Back then, the then-20-year-old Simonetti was handed a two-and-a-half year jail sentence, suspended after nine months, over charges that included using a carriage service to transmit, solicit and distribute child pornography material.
These crimes included him sending a young woman photographs of herself wearing little clothing taken years earlier, and threatening to disseminate them to people.
When she asked how he got a revealing photo of her, he told her, “Revenge porn sites are great. Your life ends now. You have until my sh-y internet loads to stop me”.
While Justice Elkaim said the charges he was dealing with on Friday (26 August) showed the offences that had been dealt with in 2018 were “not isolated in nature”, Friday’s offences had actually been committed before the 2018 ones.
The court heard Simonetti hadn’t committed more offences since leaving jail, had completed a sex offenders program, maintained a stable lifestyle with family and friends and sought counselling.
His counsellor said he had learnt from the errors of his past, a psychologist said he was deeply regretful of his actions and was unlikely to engage in such “abhorrent” behaviour again, while a social worker said they were impressed by his ability to take responsibility for his actions.
In a character reference, his mother said he had told her, “Mum, I did this. I have to deal with it”.

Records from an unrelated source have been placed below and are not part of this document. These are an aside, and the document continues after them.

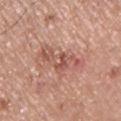{
  "biopsy_status": "not biopsied; imaged during a skin examination",
  "lighting": "white-light",
  "automated_metrics": {
    "area_mm2_approx": 12.0,
    "eccentricity": 0.95,
    "shape_asymmetry": 0.4,
    "cielab_L": 55,
    "cielab_a": 24,
    "cielab_b": 27,
    "vs_skin_darker_L": 10.0,
    "vs_skin_contrast_norm": 6.5,
    "nevus_likeness_0_100": 0,
    "lesion_detection_confidence_0_100": 100
  },
  "site": "right upper arm",
  "patient": {
    "sex": "male",
    "age_approx": 55
  },
  "image": {
    "source": "total-body photography crop",
    "field_of_view_mm": 15
  }
}
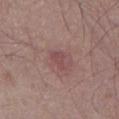{"biopsy_status": "not biopsied; imaged during a skin examination", "site": "abdomen", "lighting": "white-light", "patient": {"sex": "male", "age_approx": 75}, "automated_metrics": {"area_mm2_approx": 3.0, "eccentricity": 0.85, "shape_asymmetry": 0.5, "cielab_L": 47, "cielab_a": 23, "cielab_b": 19, "vs_skin_darker_L": 7.0, "vs_skin_contrast_norm": 5.5, "nevus_likeness_0_100": 0}, "image": {"source": "total-body photography crop", "field_of_view_mm": 15}}
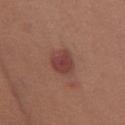Q: Is there a histopathology result?
A: no biopsy performed (imaged during a skin exam)
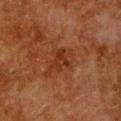Imaged during a routine full-body skin examination; the lesion was not biopsied and no histopathology is available. The subject is a female aged 48–52. A 15 mm close-up extracted from a 3D total-body photography capture. On the chest.
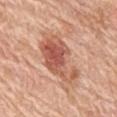notes: imaged on a skin check; not biopsied
location: the mid back
diameter: about 7 mm
imaging modality: 15 mm crop, total-body photography
image-analysis metrics: an area of roughly 19 mm², an eccentricity of roughly 0.85, and a shape-asymmetry score of about 0.35 (0 = symmetric); roughly 12 lightness units darker than nearby skin and a normalized border contrast of about 8; a border-irregularity rating of about 4.5/10 and a color-variation rating of about 6.5/10; a nevus-likeness score of about 85/100 and a detector confidence of about 100 out of 100 that the crop contains a lesion
subject: female, approximately 65 years of age
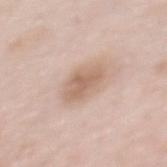{
  "biopsy_status": "not biopsied; imaged during a skin examination",
  "image": {
    "source": "total-body photography crop",
    "field_of_view_mm": 15
  },
  "patient": {
    "sex": "female",
    "age_approx": 65
  },
  "site": "mid back"
}
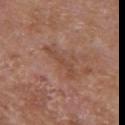The lesion was tiled from a total-body skin photograph and was not biopsied. This image is a 15 mm lesion crop taken from a total-body photograph. The lesion-visualizer software estimated a lesion area of about 4.5 mm², an eccentricity of roughly 0.95, and two-axis asymmetry of about 0.5. And it measured a lesion color around L≈47 a*≈22 b*≈28 in CIELAB, about 7 CIELAB-L* units darker than the surrounding skin, and a lesion-to-skin contrast of about 5.5 (normalized; higher = more distinct). The analysis additionally found a border-irregularity rating of about 7.5/10, internal color variation of about 0 on a 0–10 scale, and a peripheral color-asymmetry measure near 0. The tile uses white-light illumination. From the right upper arm. Measured at roughly 5 mm in maximum diameter. A male subject approximately 65 years of age.
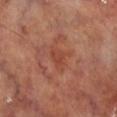Clinical impression:
No biopsy was performed on this lesion — it was imaged during a full skin examination and was not determined to be concerning.
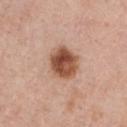follow-up = catalogued during a skin exam; not biopsied | acquisition = total-body-photography crop, ~15 mm field of view | site = the front of the torso | patient = female, approximately 35 years of age | lighting = white-light.
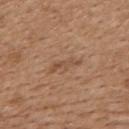{"biopsy_status": "not biopsied; imaged during a skin examination", "site": "upper back", "lesion_size": {"long_diameter_mm_approx": 4.0}, "patient": {"sex": "female", "age_approx": 45}, "lighting": "white-light", "automated_metrics": {"eccentricity": 0.95, "shape_asymmetry": 0.35, "vs_skin_darker_L": 7.0, "color_variation_0_10": 0.0, "peripheral_color_asymmetry": 0.0, "nevus_likeness_0_100": 0, "lesion_detection_confidence_0_100": 100}, "image": {"source": "total-body photography crop", "field_of_view_mm": 15}}
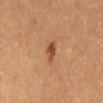Impression: No biopsy was performed on this lesion — it was imaged during a full skin examination and was not determined to be concerning. Image and clinical context: A male subject, about 60 years old. A lesion tile, about 15 mm wide, cut from a 3D total-body photograph. The lesion is located on the abdomen.
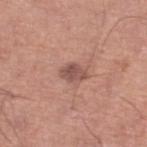– workup — imaged on a skin check; not biopsied
– acquisition — total-body-photography crop, ~15 mm field of view
– automated metrics — a border-irregularity index near 1.5/10, internal color variation of about 3 on a 0–10 scale, and peripheral color asymmetry of about 1; an automated nevus-likeness rating near 30 out of 100 and a lesion-detection confidence of about 100/100
– tile lighting — white-light
– lesion diameter — ≈3 mm
– anatomic site — the left lower leg
– patient — male, in their mid-60s
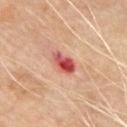lighting=cross-polarized
patient=male, approximately 65 years of age
anatomic site=the front of the torso
imaging modality=~15 mm tile from a whole-body skin photo
automated metrics=a lesion color around L≈51 a*≈35 b*≈28 in CIELAB and roughly 15 lightness units darker than nearby skin
lesion size=about 3.5 mm
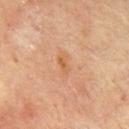Captured under cross-polarized illumination.
A male patient, in their mid-60s.
The recorded lesion diameter is about 2.5 mm.
The lesion is on the chest.
This image is a 15 mm lesion crop taken from a total-body photograph.
The total-body-photography lesion software estimated a detector confidence of about 100 out of 100 that the crop contains a lesion.
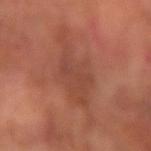Impression:
Part of a total-body skin-imaging series; this lesion was reviewed on a skin check and was not flagged for biopsy.
Context:
Located on the left forearm. A region of skin cropped from a whole-body photographic capture, roughly 15 mm wide. An algorithmic analysis of the crop reported a footprint of about 14 mm², an outline eccentricity of about 0.75 (0 = round, 1 = elongated), and two-axis asymmetry of about 0.35. And it measured lesion-presence confidence of about 100/100. Approximately 6.5 mm at its widest. A male subject approximately 65 years of age.
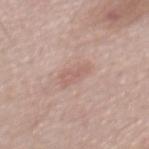Clinical impression:
The lesion was photographed on a routine skin check and not biopsied; there is no pathology result.
Image and clinical context:
A male patient, in their mid- to late 50s. An algorithmic analysis of the crop reported a color-variation rating of about 1.5/10 and peripheral color asymmetry of about 0.5. And it measured a classifier nevus-likeness of about 0/100 and a detector confidence of about 100 out of 100 that the crop contains a lesion. The tile uses white-light illumination. Measured at roughly 3.5 mm in maximum diameter. On the mid back. A 15 mm crop from a total-body photograph taken for skin-cancer surveillance.
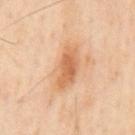Findings:
* workup · catalogued during a skin exam; not biopsied
* patient · male, aged around 55
* site · the mid back
* tile lighting · cross-polarized
* automated metrics · a footprint of about 12 mm² and a symmetry-axis asymmetry near 0.2; an average lesion color of about L≈66 a*≈23 b*≈38 (CIELAB), roughly 11 lightness units darker than nearby skin, and a normalized lesion–skin contrast near 7; a classifier nevus-likeness of about 90/100 and a detector confidence of about 100 out of 100 that the crop contains a lesion
* acquisition · ~15 mm crop, total-body skin-cancer survey
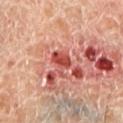Q: Was this lesion biopsied?
A: total-body-photography surveillance lesion; no biopsy
Q: Automated lesion metrics?
A: a classifier nevus-likeness of about 0/100 and a detector confidence of about 60 out of 100 that the crop contains a lesion
Q: What is the lesion's diameter?
A: about 3 mm
Q: How was this image acquired?
A: 15 mm crop, total-body photography
Q: Patient demographics?
A: male, about 55 years old
Q: Illumination type?
A: cross-polarized illumination
Q: Lesion location?
A: the left lower leg
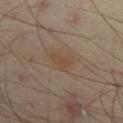Part of a total-body skin-imaging series; this lesion was reviewed on a skin check and was not flagged for biopsy. Longest diameter approximately 2.5 mm. Captured under cross-polarized illumination. The total-body-photography lesion software estimated an area of roughly 4 mm² and two-axis asymmetry of about 0.45. The software also gave an automated nevus-likeness rating near 5 out of 100 and a lesion-detection confidence of about 100/100. From the right thigh. The subject is a male in their mid-50s. This image is a 15 mm lesion crop taken from a total-body photograph.
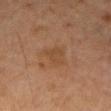| field | value |
|---|---|
| image | total-body-photography crop, ~15 mm field of view |
| lesion diameter | ~3.5 mm (longest diameter) |
| location | the right forearm |
| illumination | cross-polarized |
| patient | female, approximately 70 years of age |
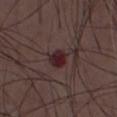follow-up: catalogued during a skin exam; not biopsied
diameter: ~2.5 mm (longest diameter)
TBP lesion metrics: a footprint of about 4.5 mm², an outline eccentricity of about 0.45 (0 = round, 1 = elongated), and a shape-asymmetry score of about 0.15 (0 = symmetric); a lesion color around L≈24 a*≈21 b*≈13 in CIELAB and a lesion–skin lightness drop of about 10
subject: male, roughly 50 years of age
imaging modality: total-body-photography crop, ~15 mm field of view
illumination: white-light illumination
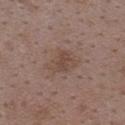acquisition — 15 mm crop, total-body photography; subject — female, approximately 35 years of age; site — the upper back.
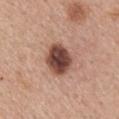<tbp_lesion>
<biopsy_status>not biopsied; imaged during a skin examination</biopsy_status>
<lesion_size>
  <long_diameter_mm_approx>4.0</long_diameter_mm_approx>
</lesion_size>
<lighting>white-light</lighting>
<site>mid back</site>
<image>
  <source>total-body photography crop</source>
  <field_of_view_mm>15</field_of_view_mm>
</image>
<patient>
  <sex>male</sex>
  <age_approx>55</age_approx>
</patient>
<automated_metrics>
  <area_mm2_approx>11.0</area_mm2_approx>
  <eccentricity>0.5</eccentricity>
  <shape_asymmetry>0.1</shape_asymmetry>
  <color_variation_0_10>6.0</color_variation_0_10>
  <peripheral_color_asymmetry>1.5</peripheral_color_asymmetry>
</automated_metrics>
</tbp_lesion>
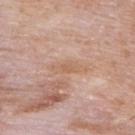Recorded during total-body skin imaging; not selected for excision or biopsy.
About 4 mm across.
Imaged with white-light lighting.
Located on the upper back.
The lesion-visualizer software estimated internal color variation of about 1.5 on a 0–10 scale and a peripheral color-asymmetry measure near 0.5. The analysis additionally found an automated nevus-likeness rating near 0 out of 100.
A roughly 15 mm field-of-view crop from a total-body skin photograph.
A male patient about 60 years old.
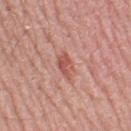notes=no biopsy performed (imaged during a skin exam); image=total-body-photography crop, ~15 mm field of view; patient=male, aged 68 to 72; body site=the left thigh.
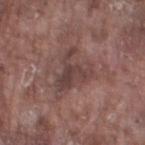biopsy_status: not biopsied; imaged during a skin examination
patient:
  sex: male
  age_approx: 75
automated_metrics:
  vs_skin_darker_L: 8.0
  vs_skin_contrast_norm: 7.0
site: left thigh
lesion_size:
  long_diameter_mm_approx: 5.0
lighting: white-light
image:
  source: total-body photography crop
  field_of_view_mm: 15
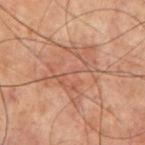Recorded during total-body skin imaging; not selected for excision or biopsy.
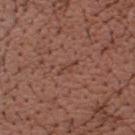Imaged during a routine full-body skin examination; the lesion was not biopsied and no histopathology is available.
A male subject, approximately 65 years of age.
A region of skin cropped from a whole-body photographic capture, roughly 15 mm wide.
From the head or neck.
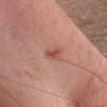notes — total-body-photography surveillance lesion; no biopsy | subject — female, aged 38 to 42 | TBP lesion metrics — two-axis asymmetry of about 0.3; a border-irregularity rating of about 3/10, a within-lesion color-variation index near 1.5/10, and a peripheral color-asymmetry measure near 0.5 | tile lighting — white-light illumination | image — ~15 mm tile from a whole-body skin photo | lesion size — about 3 mm | location — the head or neck.
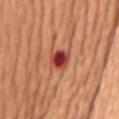<tbp_lesion>
<biopsy_status>not biopsied; imaged during a skin examination</biopsy_status>
</tbp_lesion>
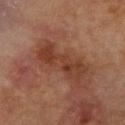This lesion was catalogued during total-body skin photography and was not selected for biopsy. The lesion is located on the left forearm. A female subject, approximately 80 years of age. A 15 mm crop from a total-body photograph taken for skin-cancer surveillance. Imaged with cross-polarized lighting.
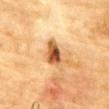automated metrics: a symmetry-axis asymmetry near 0.25; a lesion–skin lightness drop of about 17 and a normalized border contrast of about 11.5; lesion-presence confidence of about 100/100
patient: male, aged around 85 or older
body site: the chest
image source: 15 mm crop, total-body photography
size: ≈3.5 mm
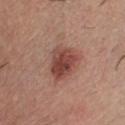- notes — no biopsy performed (imaged during a skin exam)
- image-analysis metrics — an eccentricity of roughly 0.65 and two-axis asymmetry of about 0.2
- image — total-body-photography crop, ~15 mm field of view
- tile lighting — white-light illumination
- patient — male, about 40 years old
- body site — the chest
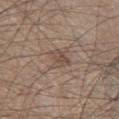This lesion was catalogued during total-body skin photography and was not selected for biopsy.
Longest diameter approximately 2.5 mm.
A male patient, about 45 years old.
Automated tile analysis of the lesion measured a lesion area of about 5 mm², an eccentricity of roughly 0.6, and a symmetry-axis asymmetry near 0.4. The analysis additionally found a lesion color around L≈48 a*≈15 b*≈24 in CIELAB, about 7 CIELAB-L* units darker than the surrounding skin, and a normalized lesion–skin contrast near 5.5. And it measured an automated nevus-likeness rating near 0 out of 100 and a lesion-detection confidence of about 95/100.
This is a white-light tile.
Located on the left thigh.
A lesion tile, about 15 mm wide, cut from a 3D total-body photograph.
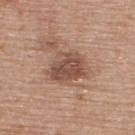Acquisition and patient details: Located on the upper back. A female patient, aged around 60. A roughly 15 mm field-of-view crop from a total-body skin photograph.
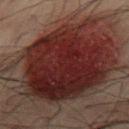No biopsy was performed on this lesion — it was imaged during a full skin examination and was not determined to be concerning.
Located on the lower back.
This image is a 15 mm lesion crop taken from a total-body photograph.
A male patient aged 48–52.
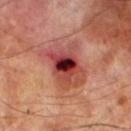The lesion was photographed on a routine skin check and not biopsied; there is no pathology result.
A close-up tile cropped from a whole-body skin photograph, about 15 mm across.
The subject is a male aged 68 to 72.
On the left lower leg.
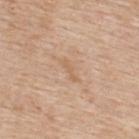Part of a total-body skin-imaging series; this lesion was reviewed on a skin check and was not flagged for biopsy.
Cropped from a total-body skin-imaging series; the visible field is about 15 mm.
The lesion is on the upper back.
A male patient, aged 58–62.
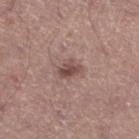Part of a total-body skin-imaging series; this lesion was reviewed on a skin check and was not flagged for biopsy. Measured at roughly 3 mm in maximum diameter. A lesion tile, about 15 mm wide, cut from a 3D total-body photograph. The subject is a male aged 38 to 42. Imaged with white-light lighting. The lesion is on the left lower leg. An algorithmic analysis of the crop reported roughly 11 lightness units darker than nearby skin and a lesion-to-skin contrast of about 8 (normalized; higher = more distinct). It also reported an automated nevus-likeness rating near 70 out of 100 and lesion-presence confidence of about 100/100.
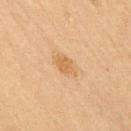Impression:
Captured during whole-body skin photography for melanoma surveillance; the lesion was not biopsied.
Image and clinical context:
Automated tile analysis of the lesion measured a footprint of about 5 mm² and two-axis asymmetry of about 0.2. It also reported a border-irregularity index near 2.5/10 and a peripheral color-asymmetry measure near 0.5. The software also gave a nevus-likeness score of about 65/100 and a detector confidence of about 100 out of 100 that the crop contains a lesion. Measured at roughly 3 mm in maximum diameter. A region of skin cropped from a whole-body photographic capture, roughly 15 mm wide. Captured under cross-polarized illumination. The patient is a male roughly 75 years of age. The lesion is located on the upper back.
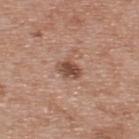Captured during whole-body skin photography for melanoma surveillance; the lesion was not biopsied. About 2.5 mm across. The subject is a male aged around 55. A 15 mm close-up extracted from a 3D total-body photography capture. Imaged with white-light lighting. The lesion is located on the upper back.
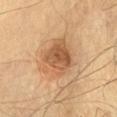biopsy status: imaged on a skin check; not biopsied | lesion diameter: ≈5.5 mm | subject: male, aged 63–67 | image source: 15 mm crop, total-body photography | illumination: cross-polarized.
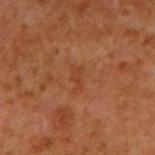Recorded during total-body skin imaging; not selected for excision or biopsy.
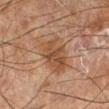Imaged during a routine full-body skin examination; the lesion was not biopsied and no histopathology is available. The recorded lesion diameter is about 5.5 mm. On the right lower leg. Automated image analysis of the tile measured an area of roughly 14 mm². And it measured a mean CIELAB color near L≈42 a*≈18 b*≈29 and a normalized lesion–skin contrast near 7. The software also gave a border-irregularity index near 3/10 and peripheral color asymmetry of about 1.5. The tile uses cross-polarized illumination. A male subject aged around 65. This image is a 15 mm lesion crop taken from a total-body photograph.
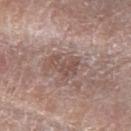<tbp_lesion>
<biopsy_status>not biopsied; imaged during a skin examination</biopsy_status>
<patient>
  <sex>female</sex>
  <age_approx>60</age_approx>
</patient>
<site>right forearm</site>
<image>
  <source>total-body photography crop</source>
  <field_of_view_mm>15</field_of_view_mm>
</image>
<lesion_size>
  <long_diameter_mm_approx>3.5</long_diameter_mm_approx>
</lesion_size>
<lighting>white-light</lighting>
</tbp_lesion>
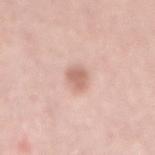Captured during whole-body skin photography for melanoma surveillance; the lesion was not biopsied.
Longest diameter approximately 3 mm.
An algorithmic analysis of the crop reported an area of roughly 4 mm², an outline eccentricity of about 0.75 (0 = round, 1 = elongated), and two-axis asymmetry of about 0.2. The software also gave a mean CIELAB color near L≈64 a*≈21 b*≈27, about 11 CIELAB-L* units darker than the surrounding skin, and a normalized lesion–skin contrast near 7.
A roughly 15 mm field-of-view crop from a total-body skin photograph.
From the mid back.
A female subject, approximately 55 years of age.
Captured under white-light illumination.
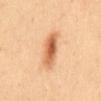Impression:
Recorded during total-body skin imaging; not selected for excision or biopsy.
Acquisition and patient details:
A female subject in their mid- to late 30s. Imaged with cross-polarized lighting. On the abdomen. The lesion-visualizer software estimated a lesion area of about 11 mm² and a shape eccentricity near 0.9. The analysis additionally found a lesion color around L≈64 a*≈24 b*≈39 in CIELAB, a lesion–skin lightness drop of about 14, and a normalized border contrast of about 8.5. The software also gave a border-irregularity index near 2.5/10, a within-lesion color-variation index near 7.5/10, and a peripheral color-asymmetry measure near 2.5. The analysis additionally found a nevus-likeness score of about 100/100 and lesion-presence confidence of about 100/100. Cropped from a whole-body photographic skin survey; the tile spans about 15 mm.
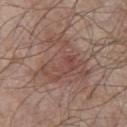* patient · male, aged approximately 80
* size · ~7 mm (longest diameter)
* acquisition · total-body-photography crop, ~15 mm field of view
* automated metrics · an area of roughly 22 mm² and an outline eccentricity of about 0.45 (0 = round, 1 = elongated); a lesion color around L≈48 a*≈19 b*≈23 in CIELAB and a normalized lesion–skin contrast near 5.5; a border-irregularity index near 7/10, a within-lesion color-variation index near 4.5/10, and a peripheral color-asymmetry measure near 1.5; an automated nevus-likeness rating near 0 out of 100 and a detector confidence of about 100 out of 100 that the crop contains a lesion
* anatomic site · the chest
* lighting · white-light
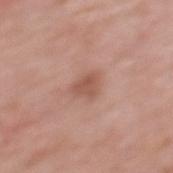follow-up: total-body-photography surveillance lesion; no biopsy
patient: female, about 40 years old
image: ~15 mm tile from a whole-body skin photo
size: ~3 mm (longest diameter)
automated metrics: an area of roughly 5 mm²; a mean CIELAB color near L≈54 a*≈23 b*≈28, a lesion–skin lightness drop of about 9, and a normalized lesion–skin contrast near 6; a color-variation rating of about 2/10 and peripheral color asymmetry of about 1
tile lighting: white-light illumination
location: the back
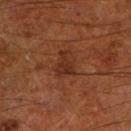No biopsy was performed on this lesion — it was imaged during a full skin examination and was not determined to be concerning. A male subject aged around 65. Cropped from a whole-body photographic skin survey; the tile spans about 15 mm. The tile uses cross-polarized illumination. From the left lower leg. Longest diameter approximately 3 mm. Automated tile analysis of the lesion measured an area of roughly 4.5 mm², an eccentricity of roughly 0.75, and a symmetry-axis asymmetry near 0.6. It also reported a mean CIELAB color near L≈29 a*≈23 b*≈29, about 7 CIELAB-L* units darker than the surrounding skin, and a normalized lesion–skin contrast near 6.5. It also reported border irregularity of about 6.5 on a 0–10 scale and radial color variation of about 0.5.
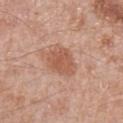{"biopsy_status": "not biopsied; imaged during a skin examination", "lesion_size": {"long_diameter_mm_approx": 4.0}, "site": "left forearm", "automated_metrics": {"area_mm2_approx": 8.5, "eccentricity": 0.65, "shape_asymmetry": 0.25, "border_irregularity_0_10": 3.0, "color_variation_0_10": 2.5, "peripheral_color_asymmetry": 1.0, "nevus_likeness_0_100": 55, "lesion_detection_confidence_0_100": 100}, "patient": {"sex": "female", "age_approx": 50}, "lighting": "white-light", "image": {"source": "total-body photography crop", "field_of_view_mm": 15}}
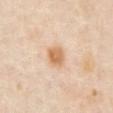The total-body-photography lesion software estimated a lesion area of about 6 mm² and two-axis asymmetry of about 0.2. It also reported an average lesion color of about L≈67 a*≈20 b*≈37 (CIELAB), about 11 CIELAB-L* units darker than the surrounding skin, and a lesion-to-skin contrast of about 8.5 (normalized; higher = more distinct). The analysis additionally found a border-irregularity rating of about 1.5/10, a color-variation rating of about 3/10, and radial color variation of about 1. The software also gave a nevus-likeness score of about 95/100 and lesion-presence confidence of about 100/100. A male subject aged 63–67. A roughly 15 mm field-of-view crop from a total-body skin photograph. Located on the abdomen. Approximately 2.5 mm at its widest.
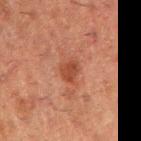The lesion was photographed on a routine skin check and not biopsied; there is no pathology result. The lesion is on the right upper arm. The recorded lesion diameter is about 2.5 mm. The tile uses cross-polarized illumination. Cropped from a total-body skin-imaging series; the visible field is about 15 mm. The subject is a male aged around 50.
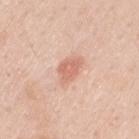Assessment: This lesion was catalogued during total-body skin photography and was not selected for biopsy. Image and clinical context: The lesion's longest dimension is about 3.5 mm. The lesion is on the left upper arm. The tile uses white-light illumination. An algorithmic analysis of the crop reported an outline eccentricity of about 0.75 (0 = round, 1 = elongated) and a shape-asymmetry score of about 0.3 (0 = symmetric). The analysis additionally found a border-irregularity rating of about 3/10 and peripheral color asymmetry of about 0.5. The software also gave an automated nevus-likeness rating near 90 out of 100 and lesion-presence confidence of about 100/100. A male patient, aged around 60. A close-up tile cropped from a whole-body skin photograph, about 15 mm across.
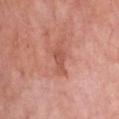Part of a total-body skin-imaging series; this lesion was reviewed on a skin check and was not flagged for biopsy.
On the front of the torso.
The patient is a male roughly 80 years of age.
Cropped from a total-body skin-imaging series; the visible field is about 15 mm.
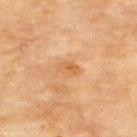Findings:
– biopsy status · imaged on a skin check; not biopsied
– image · ~15 mm tile from a whole-body skin photo
– size · ~2.5 mm (longest diameter)
– patient · male, aged approximately 70
– tile lighting · cross-polarized illumination
– body site · the upper back
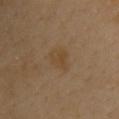  biopsy_status: not biopsied; imaged during a skin examination
  automated_metrics:
    nevus_likeness_0_100: 5
    lesion_detection_confidence_0_100: 100
  lesion_size:
    long_diameter_mm_approx: 3.0
  lighting: cross-polarized
  site: right upper arm
  patient:
    sex: male
    age_approx: 40
  image:
    source: total-body photography crop
    field_of_view_mm: 15
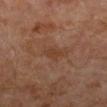{"biopsy_status": "not biopsied; imaged during a skin examination", "lighting": "cross-polarized", "automated_metrics": {"nevus_likeness_0_100": 0, "lesion_detection_confidence_0_100": 100}, "patient": {"sex": "male", "age_approx": 30}, "site": "left leg", "lesion_size": {"long_diameter_mm_approx": 2.5}, "image": {"source": "total-body photography crop", "field_of_view_mm": 15}}
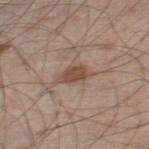Imaged during a routine full-body skin examination; the lesion was not biopsied and no histopathology is available. A male patient, aged 58–62. The tile uses white-light illumination. Approximately 3.5 mm at its widest. A lesion tile, about 15 mm wide, cut from a 3D total-body photograph. An algorithmic analysis of the crop reported a lesion area of about 5.5 mm², an eccentricity of roughly 0.8, and a symmetry-axis asymmetry near 0.3. And it measured a mean CIELAB color near L≈48 a*≈18 b*≈26, a lesion–skin lightness drop of about 10, and a lesion-to-skin contrast of about 8 (normalized; higher = more distinct). It also reported border irregularity of about 3.5 on a 0–10 scale, a within-lesion color-variation index near 2/10, and a peripheral color-asymmetry measure near 1. On the right thigh.
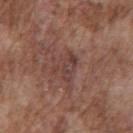biopsy_status: not biopsied; imaged during a skin examination
patient:
  sex: male
  age_approx: 75
site: chest
image:
  source: total-body photography crop
  field_of_view_mm: 15
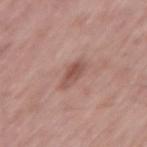follow-up = total-body-photography surveillance lesion; no biopsy | tile lighting = white-light | diameter = ≈3 mm | site = the left thigh | patient = male, in their 70s | acquisition = ~15 mm tile from a whole-body skin photo.

She also talked about the impact his offences had on their family. For instance, dolls covered in red paint had been found in their courtyard and an envelope with pictures of teenage pornography was put in their letterbox.
Simonetti told the court he had completed a commerce degree, but found it difficult to get a job due to his criminal history.
“These factors do not excuse any of my actions, but I want to share what I have come to understand is part of the context of my actions, such as making someone else, anyone else, feel as bad as I was at the time,” he said about his offending.
“I realise now that this was an inexcusable reaction to what was happening to me and that I should have sought professional help.”
Even though these matters preceded the 2018 ones, he was only charged in December 2021. Justice Elkaim said all offences should have been dealt with together.
He said he had no doubt the victims’ experiences were “awful and terrifying” and the community should know that unless there were very special circumstances, offences of this type will result in an offender going straight from the court to jail.
But he said this was a rare case where it might be said that rehabilitation had been successful and there were such special circumstances.
Simonetti, who has already been placed on the sex offenders register for life, pleaded guilty to charges of using a carriage service to cause child pornography material to be transmitted to himself, using a carriage service to make a threat to kill and using a carriage service to menace.
He was sentenced to about two years and one month’s jail to be served in the community via an intensive corrections order that ends in October 2024.